Question # 146: Can you please explain the sunnah pertaining to new born child with reference to aqiqah?

bismi-llahi r-raḥmani r-raḥīm,

Assalamu ‘laikum warahmatullahi wabarakatuh,

All praise and thanks are due to Allah (سبحانه و تعالى), and peace and blessings be upon His Messenger (صلى الله عليه و سلم).

Dear questioner,

First of all, we implore Allah (سبحانه و تعالى) to help us serve His cause and render our work for His sake.

Shorter Answer: The following are the sunnah acts performed on child’s birth:

  • Tahneek (putting something sweet, such as dates or honey, in the child’s mouth on birth) for the baby and to pray for him is mustahabb (recommended).
  • With regard to reciting the adhan in the right ear of the newborn, there is no sahih hadith concerning that; however, some of the fuqaha’ said that it is mustahabb (recommended).
  • It is permissible to name the child on the first day or on the seventh.
  • Shaving the child’s head on the seventh day after birth. The fuqaha’ differed with regard to shaving the head of a female newborn.
  • Circumcision is obligatory in case of baby boys.
  • ‘Aqiqah is Sunnah mu’akkadah (confirmed Sunnah) – slaughtering two sheep for a newborn boy and one sheep for a girl. The best time for offering the ‘Aqiqah is seven days after birth; however, if there is a delay it may be slaughtered at any time, and there is no sin in delaying it, although it is preferable to do it as soon as possible.
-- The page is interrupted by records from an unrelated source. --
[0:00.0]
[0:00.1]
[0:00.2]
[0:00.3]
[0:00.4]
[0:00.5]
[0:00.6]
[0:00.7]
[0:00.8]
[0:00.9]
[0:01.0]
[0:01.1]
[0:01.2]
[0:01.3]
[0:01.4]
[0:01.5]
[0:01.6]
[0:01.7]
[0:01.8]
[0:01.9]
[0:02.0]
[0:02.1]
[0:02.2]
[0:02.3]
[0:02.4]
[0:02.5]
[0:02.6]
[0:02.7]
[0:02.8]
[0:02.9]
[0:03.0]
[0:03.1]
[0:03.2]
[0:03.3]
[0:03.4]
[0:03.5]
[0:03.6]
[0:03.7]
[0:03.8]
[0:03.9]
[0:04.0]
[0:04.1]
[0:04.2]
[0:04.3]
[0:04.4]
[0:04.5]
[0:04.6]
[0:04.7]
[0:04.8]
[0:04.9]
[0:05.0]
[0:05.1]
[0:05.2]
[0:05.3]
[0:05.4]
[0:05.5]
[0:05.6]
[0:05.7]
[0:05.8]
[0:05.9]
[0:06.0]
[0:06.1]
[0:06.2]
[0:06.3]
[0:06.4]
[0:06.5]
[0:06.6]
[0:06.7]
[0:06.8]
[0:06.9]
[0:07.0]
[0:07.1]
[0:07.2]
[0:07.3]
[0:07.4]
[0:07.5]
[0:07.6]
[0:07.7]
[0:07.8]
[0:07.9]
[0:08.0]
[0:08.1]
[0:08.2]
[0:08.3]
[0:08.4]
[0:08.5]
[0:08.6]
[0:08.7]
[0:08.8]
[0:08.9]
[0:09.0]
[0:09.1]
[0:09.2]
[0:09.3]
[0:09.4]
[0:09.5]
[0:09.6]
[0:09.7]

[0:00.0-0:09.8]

Long Answer: The following are the sunnah acts performed on child’s birth:

  • It is mustahabb (recommended) to do tahneek for the baby and to pray for him. It was reported that Abu Moosa said: “I had a baby boy, and I brought him to the Prophet (صلى الله عليه و سلم). He named him Ibraaheem, did Tahneek with some dates and prayed for Allah to bless him, then he gave him back to me.” (Al-Bukhari and Muslim). Tahneek means putting something sweet, such as dates or honey, in the child’s mouth when he is first born.
  • [With regard to reciting the adhan in the right ear of the newborn, there is no sahih hadith concerning that. Some of the fuqaha’ said that it is mustahabb and] …mention that the Adhan should be recited into the baby’s right ear so that the first thing he hears in this world will be the words of Tawheed, which will have a great and blessed effect on the child. [Also,] with regard to reciting the iqaamah in the child’s left ear, there is nothing to prove that this is required.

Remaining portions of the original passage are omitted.